At a recent forum hosted by the FDA and the American Association for Cancer Research, for example, Roche Molecular Diagnostics' Research Head Walter Koch said that in order to complete the studies that supported the FDA approval of its test, Roche spent "in excess of $2 million," both for mutant cell lines that the company could use to create contrived samples, as well as other normal and non-small cell lung cancer specimens.
"We had to buy some pretty large volumes, which is not easy to get from cancer patients. Where we did find those samples that had the mutations of interest, they were often at low prevalence and low concentrations, so we screened about a thousand samples to find 80 specimens… Most of those only had about 200 copies per mL or less. If you're using that do to spikes, you're not starting from a good point," Koch explained.
That's two million dollars for EGFR, Garlick said. "What about all the other variants? … Creating sample sets for all of them would be prohibitively expensive."
As a result, commercial multiplex tools like SeraCare's, Horizon's — and potentially others using techniques like those described in the Clinical Chemistry study this week — appear poised for increasing adoption as more labs seek to validate multiplex tests under CLIA, or decide to move such diagnostics through the FDA.
In ongoing stakeholder discussions, some have also called for the promotion of specific tools that can be used across labs to assess competing or similar tests, perhaps even as a requirement for coverage and reimbursement if not for regulatory approval.

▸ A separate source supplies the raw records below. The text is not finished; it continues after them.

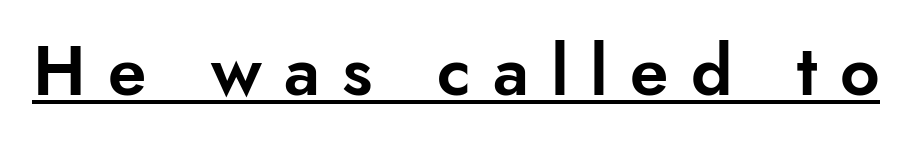
Students, note that the glyphs here are deliberately spaced far apart. Style check: upright. The letters carry no serifs — their stems end cleanly without finishing strokes. Do the characters align in a grid? No, the font is proportional. Every word sits above its own underline.
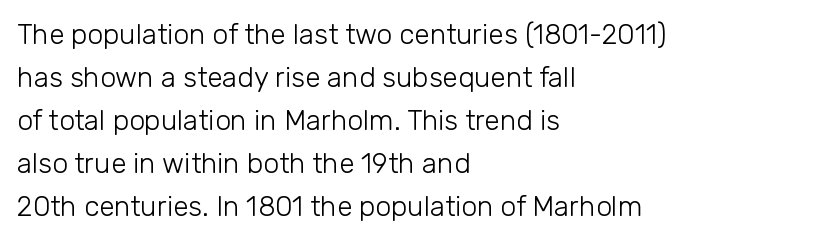
{"serif": "no", "italic": "no", "bold": "no", "weight": "light", "width": "normal", "stroke_contrast": "low", "x_height": "medium", "monospaced": "no", "underline": "no", "align": "left", "line_spacing": "normal", "line_spacing_ratio": 1.54, "letter_spacing": "normal", "letter_spacing_em": 0.0, "glyph_px": 28}
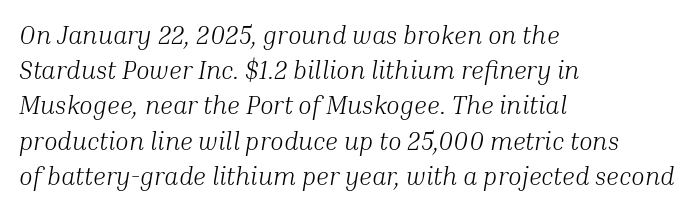
Standard letterfit; no display-style spreading of the glyphs. The face looks like a standard text weight, possibly lighter. Descenders are the only things crossing below the line. Regarding leading, the lines here are spaced in the standard way. All the whitespace from short lines collects on the right. The rendering applies a slant to the glyphs.
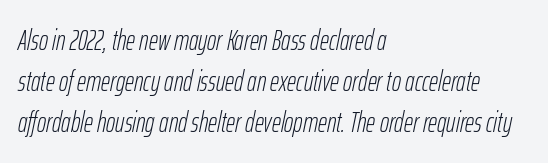
Q: Is the text bold? A: No.
Q: Is the text italic (slanted)? A: Yes, it leans right by about 12 degrees.
Q: Is the text underlined? A: No.
Q: How is the paragraph aligned? A: Left-aligned.
Q: Is the spacing between letters normal or unusually wide? A: Normal.
Q: Is the spacing between lines tight, normal or loose? A: Normal.
Q: Width (condensed, normal, or wide)? A: Condensed.
Q: Stroke contrast? A: Low.
Q: x-height? A: Medium.
Q: Monospaced? A: No.
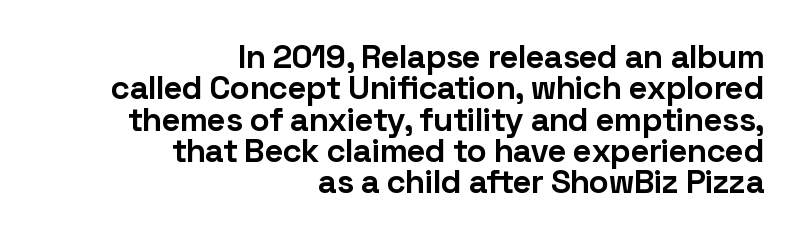
The image shows 33 px bold sans-serif type, upright; set right-aligned, tight line spacing (0.95x), normal letter spacing, not underlined; low stroke contrast and a medium x-height.
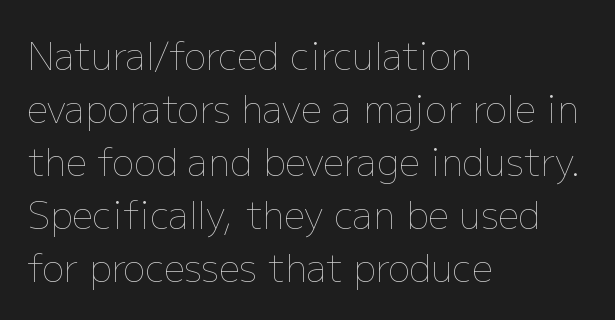
{"italic": "no", "bold": "no", "weight": "thin", "width": "normal", "stroke_contrast": "low", "x_height": "medium", "monospaced": "no", "underline": "no", "align": "left", "line_spacing": "normal", "line_spacing_ratio": 1.43, "letter_spacing": "normal", "letter_spacing_em": 0.0, "glyph_px": 37}
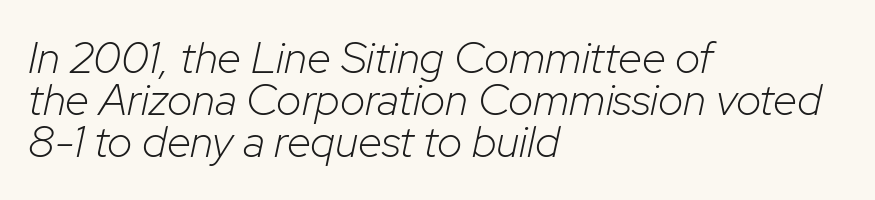
The image shows 44 px light type, italic (leaning right); set left-aligned, tight line spacing (0.96x), normal letter spacing, not underlined; low stroke contrast and a medium x-height.
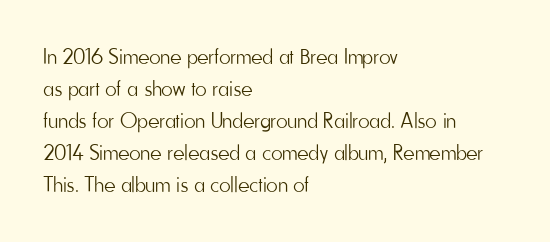
{"italic": "no", "bold": "no", "underline": "no", "align": "left", "line_spacing": "normal", "line_spacing_ratio": 1.46, "letter_spacing": "normal", "letter_spacing_em": 0.0, "glyph_px": 22}
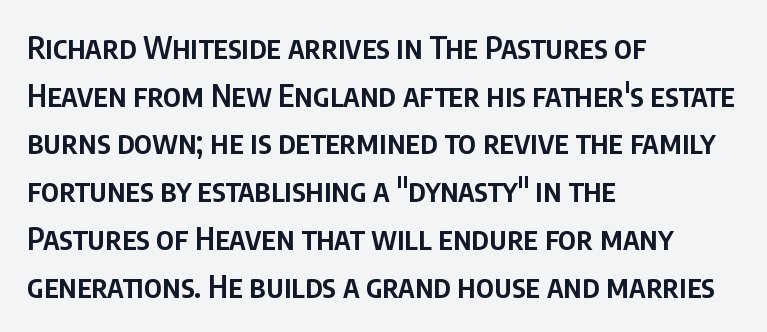
{"serif": "no", "italic": "no", "bold": "semi", "weight": "semibold", "width": "condensed", "stroke_contrast": "low", "x_height": "large", "monospaced": "no", "underline": "no", "align": "left", "line_spacing": "normal", "line_spacing_ratio": 1.54, "letter_spacing": "normal", "letter_spacing_em": 0.0, "glyph_px": 31}
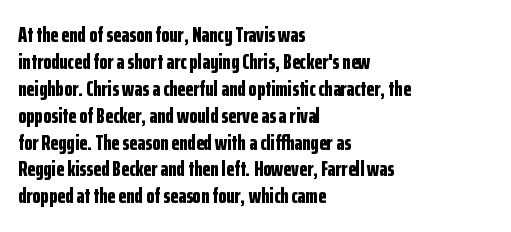
The image shows 21 px bold type, upright; set left-aligned, normal line spacing (1.28x), normal letter spacing, not underlined.
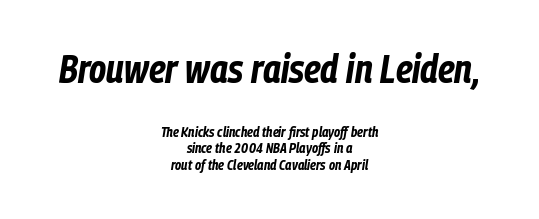
{"italic": "yes", "lean": "right", "slant_degrees": 9, "bold": "yes", "weight": "bold", "width": "condensed", "stroke_contrast": "low", "x_height": "medium", "monospaced": "no", "underline": "no", "align": "center", "line_spacing_ratio": 1.19, "letter_spacing": "normal", "letter_spacing_em": 0.0, "larger_block": "first", "size_ratio": 2.79, "glyph_px": 39}
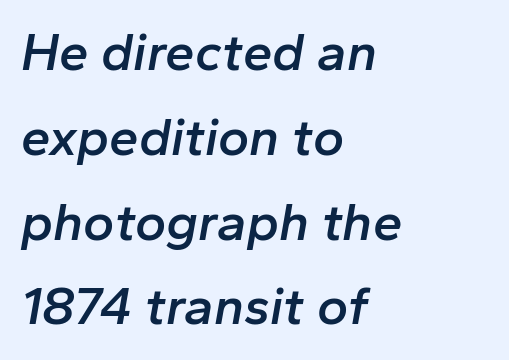
{"italic": "yes", "lean": "right", "slant_degrees": 10, "bold": "semi", "weight": "semibold", "width": "normal", "stroke_contrast": "low", "x_height": "medium", "monospaced": "no", "underline": "no", "align": "left", "line_spacing": "normal", "line_spacing_ratio": 1.6, "letter_spacing": "normal", "letter_spacing_em": 0.0, "glyph_px": 53}
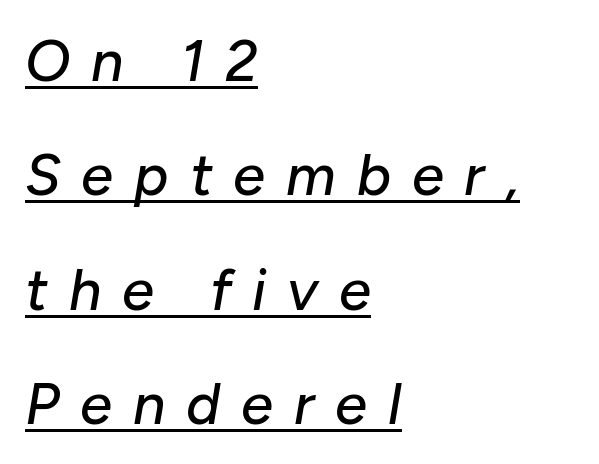
{"italic": "yes", "lean": "right", "slant_degrees": 10, "width": "normal", "stroke_contrast": "low", "x_height": "medium", "monospaced": "no", "underline": "yes", "align": "left", "line_spacing": "loose", "line_spacing_ratio": 1.97, "letter_spacing": "wide", "letter_spacing_em": 0.36, "glyph_px": 58}
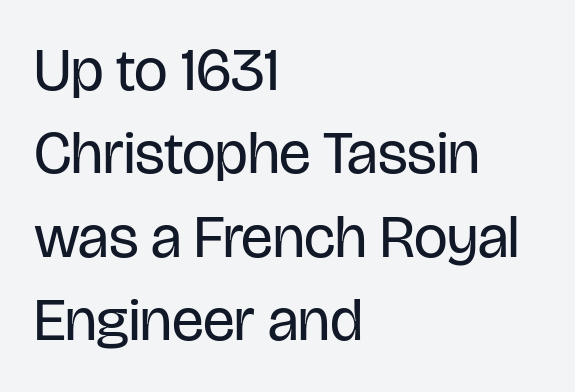
The strip under each line holds only bare page. The typesetting does not lean heavy: it is not bold. Here the designer chose a conventional face with non-uniform glyph widths. This sample is left-justified, so line endings fall wherever the words run out.
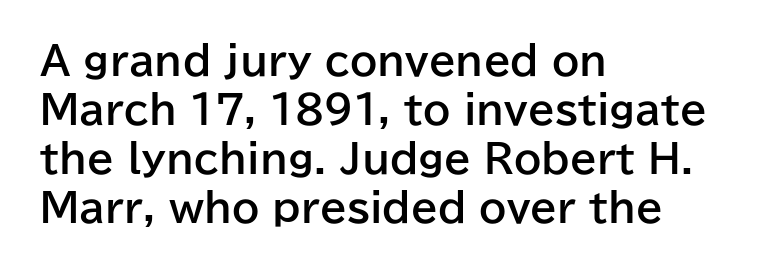
The image shows 39 px bold sans-serif type, upright; set left-aligned, normal line spacing (1.26x), normal letter spacing, not underlined; low stroke contrast and a medium x-height.
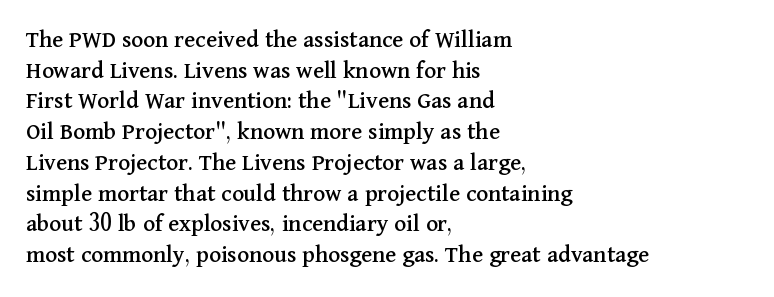
Which margin do the lines hug? The left one — the right edge is uneven. Bare-footed words on every line. Here the glyphs are tracked normally, forming tight word shapes. Does the lettering tilt? It doesn't — this is upright.
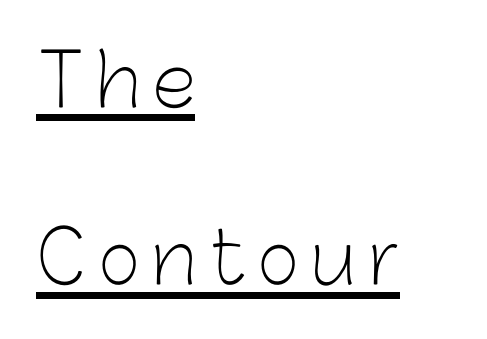
Q: Is the text bold? A: No.
Q: Is the text italic (slanted)? A: No, it is upright.
Q: Is the typeface a serif or a sans-serif typeface? A: Sans-serif.
Q: Is the text underlined? A: Yes.
Q: How is the paragraph aligned? A: Left-aligned.
Q: Is the spacing between lines tight, normal or loose? A: Loose.
Q: Width (condensed, normal, or wide)? A: Normal.
Q: Stroke contrast? A: Low.
Q: x-height? A: Medium.
Q: Monospaced? A: No.
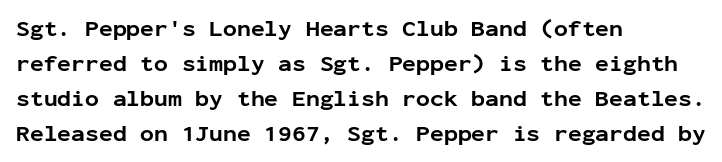
Q: Is the text bold? A: Yes.
Q: Is the text italic (slanted)? A: No, it is upright.
Q: Is the text underlined? A: No.
Q: How is the paragraph aligned? A: Left-aligned.
Q: Is the spacing between letters normal or unusually wide? A: Normal.
Q: Is the spacing between lines tight, normal or loose? A: Normal.
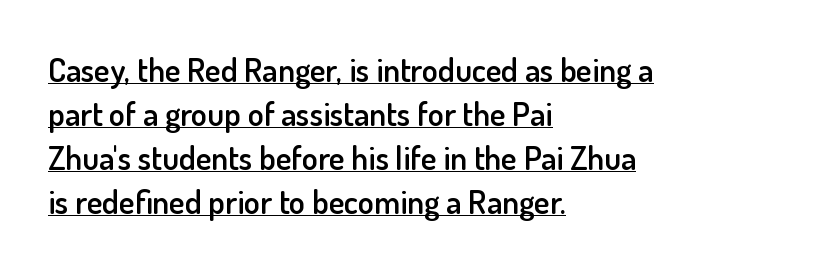
The type sits square on the baseline with zero lean. Are there feet on the stems? There aren't — it's a sans. The line-height multiplier appears to be the usual default. The letters advance in unequal steps, a hallmark of proportional type.
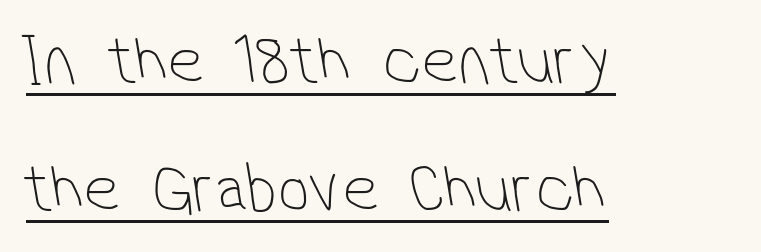
Is there an underline? Yes — a line sits under the letters. Spacing verdict: proportional, widths tailored to each character. Serifs: no, the terminals of the letterforms are clean. There is no visible air inserted between adjacent glyphs. A student would call this left alignment; a typographer would say flush left, rag right. This is not heavy type; no bold has been used.
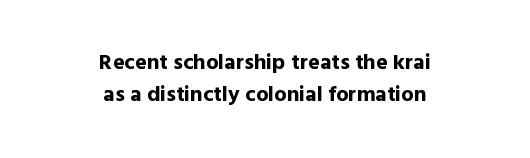
{"italic": "no", "bold": "yes", "underline": "no", "align": "center", "line_spacing": "normal", "line_spacing_ratio": 1.46, "letter_spacing": "normal", "letter_spacing_em": 0.0, "glyph_px": 22}
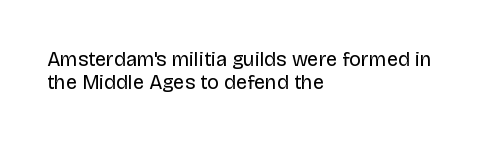
Does extra space separate the letters? No, they use regular spacing. Ink coverage per letter is moderate at most. If you drew a line through each stem, it would be perfectly vertical. Every row of glyphs begins at an identical x-position on the left. Check the space under the baseline: it is left empty.
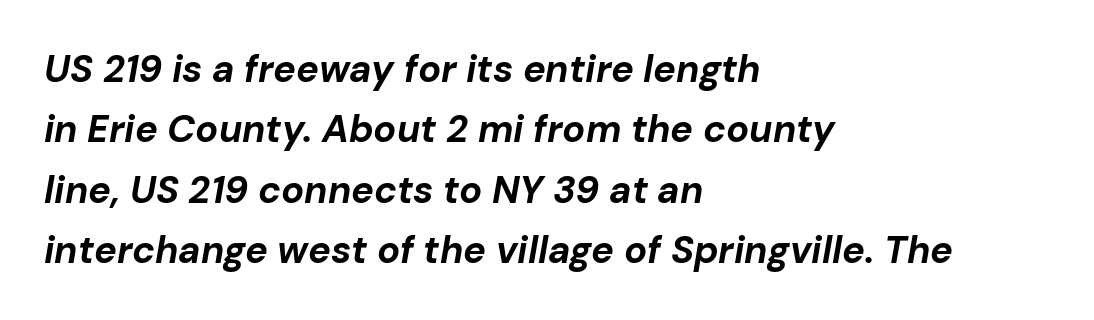
The typography opts for an oblique posture over an upright one. No word sits above an underline. A normal amount of white space separates one row of letters from the next. Nobody touched the tracking dial on this one.
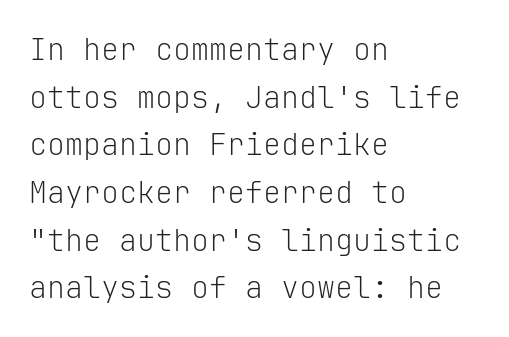
{"serif": "no", "italic": "no", "bold": "no", "weight": "light", "width": "normal", "stroke_contrast": "low", "x_height": "medium", "monospaced": "yes", "underline": "no", "align": "left", "line_spacing": "normal", "line_spacing_ratio": 1.59, "letter_spacing": "normal", "letter_spacing_em": 0.0, "glyph_px": 30}
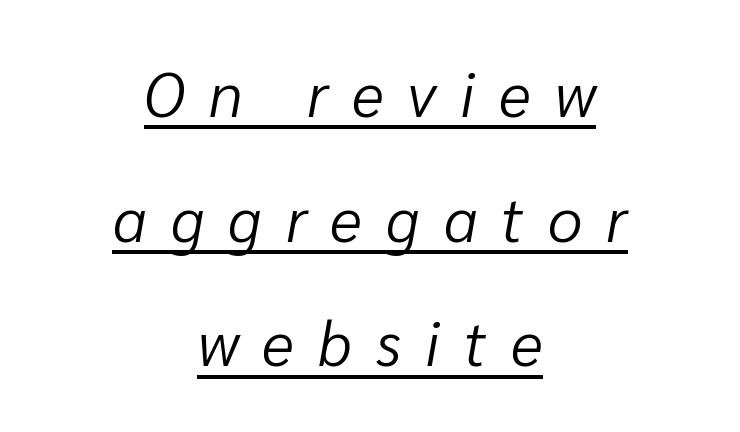
Each line is balanced around a shared central axis. Character widths vary here, with narrow letters taking less room than wide ones. Characters are canted at an angle relative to the baseline's perpendicular. In designer terms, the underline attribute is active on this setting.
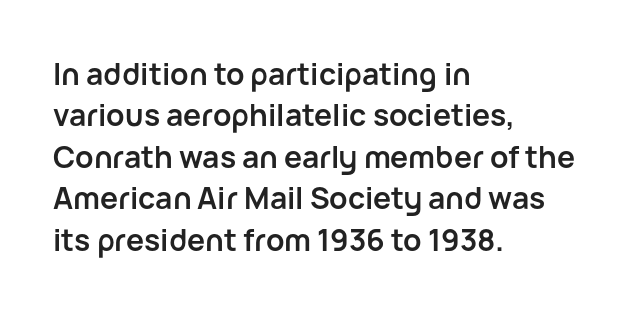
The image shows 30 px semibold sans-serif type, upright; set left-aligned, normal line spacing (1.38x), normal letter spacing, not underlined; low stroke contrast and a medium x-height.
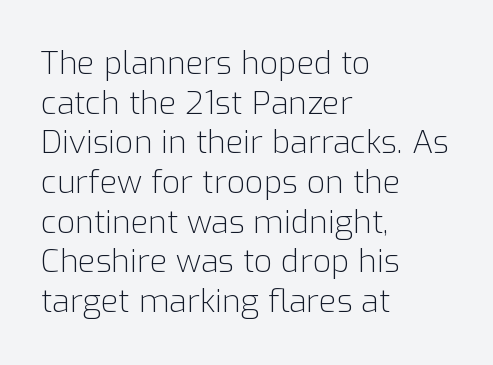
The image shows 32 px light sans-serif type, upright; set left-aligned, line spacing 1.24x, normal letter spacing, not underlined; low stroke contrast and a medium x-height.
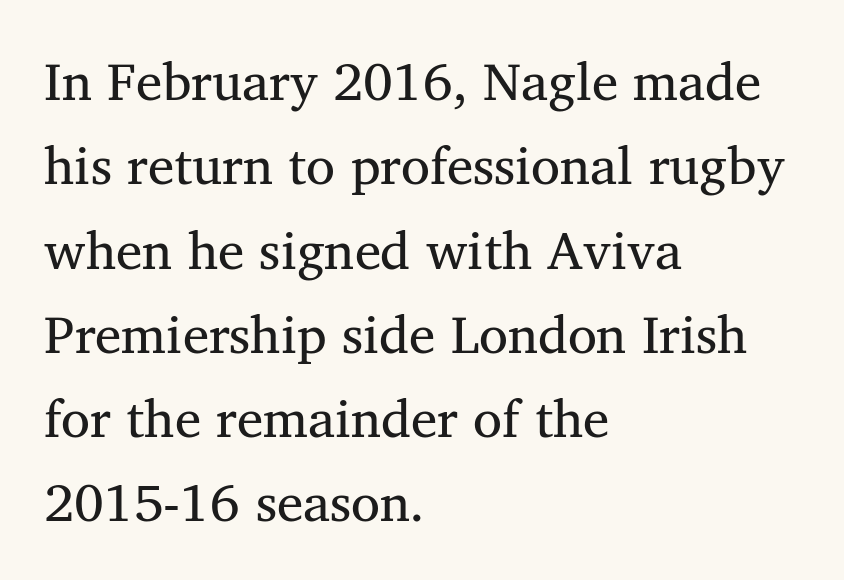
The image shows 53 px serif type; set left-aligned, normal line spacing (1.59x), normal letter spacing, not underlined; medium stroke contrast and a medium x-height.
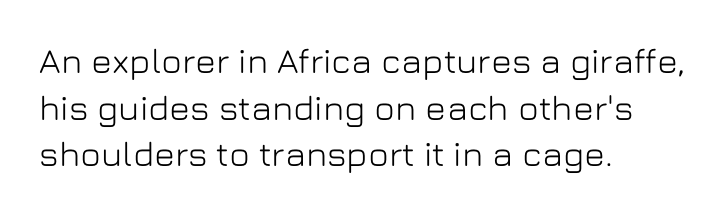
You can tell from the bare stems that sans-serif type was used. The ragged edge is on the right, which tells us the setting is flush left. Characters follow at the spacing the type designer built in. Leading matches the norm, producing a regular column. The face used here is proportionally spaced, like ordinary book or web type.
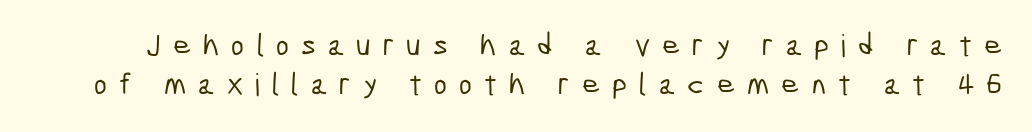
The image shows 31 px condensed sans-serif type; set normal line spacing (1.26x), unusually wide letter spacing (+0.39 em), not underlined; low stroke contrast and a medium x-height.
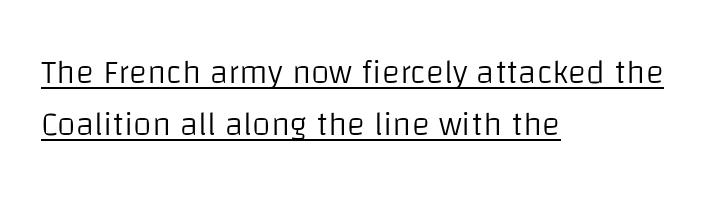
The face used here is proportionally spaced, like ordinary book or web type. Line beginnings align vertically; line endings do not. The passage shown is typeset with a sans-serif family. Stems here are at most as thick as an everyday book face.
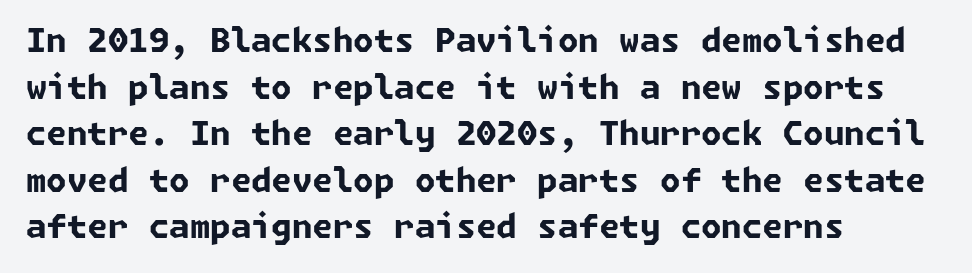
Q: Is the text bold? A: Yes.
Q: Is the typeface a serif or a sans-serif typeface? A: Sans-serif.
Q: Is the text underlined? A: No.
Q: How is the paragraph aligned? A: Left-aligned.
Q: Is the spacing between letters normal or unusually wide? A: Normal.
Q: Is the spacing between lines tight, normal or loose? A: Normal.
Q: Width (condensed, normal, or wide)? A: Normal.
Q: Stroke contrast? A: Low.
Q: x-height? A: Medium.

Garlick stressed that reference materials are not only necessary for test development and validation, but also for ongoing quality control or proficiency testing.
Having a good reference allows you to do this," he said. "You can send out to all the labs claiming commercial launch, and [evaluate them side by side.]"
According to Garlick, at a recent meeting of the Foundation for Genetics Research attendees estimated that there are at least 24 labs now testing clinical liquid biopsy samples. "But there has been no [proficiency] testing yet," he said.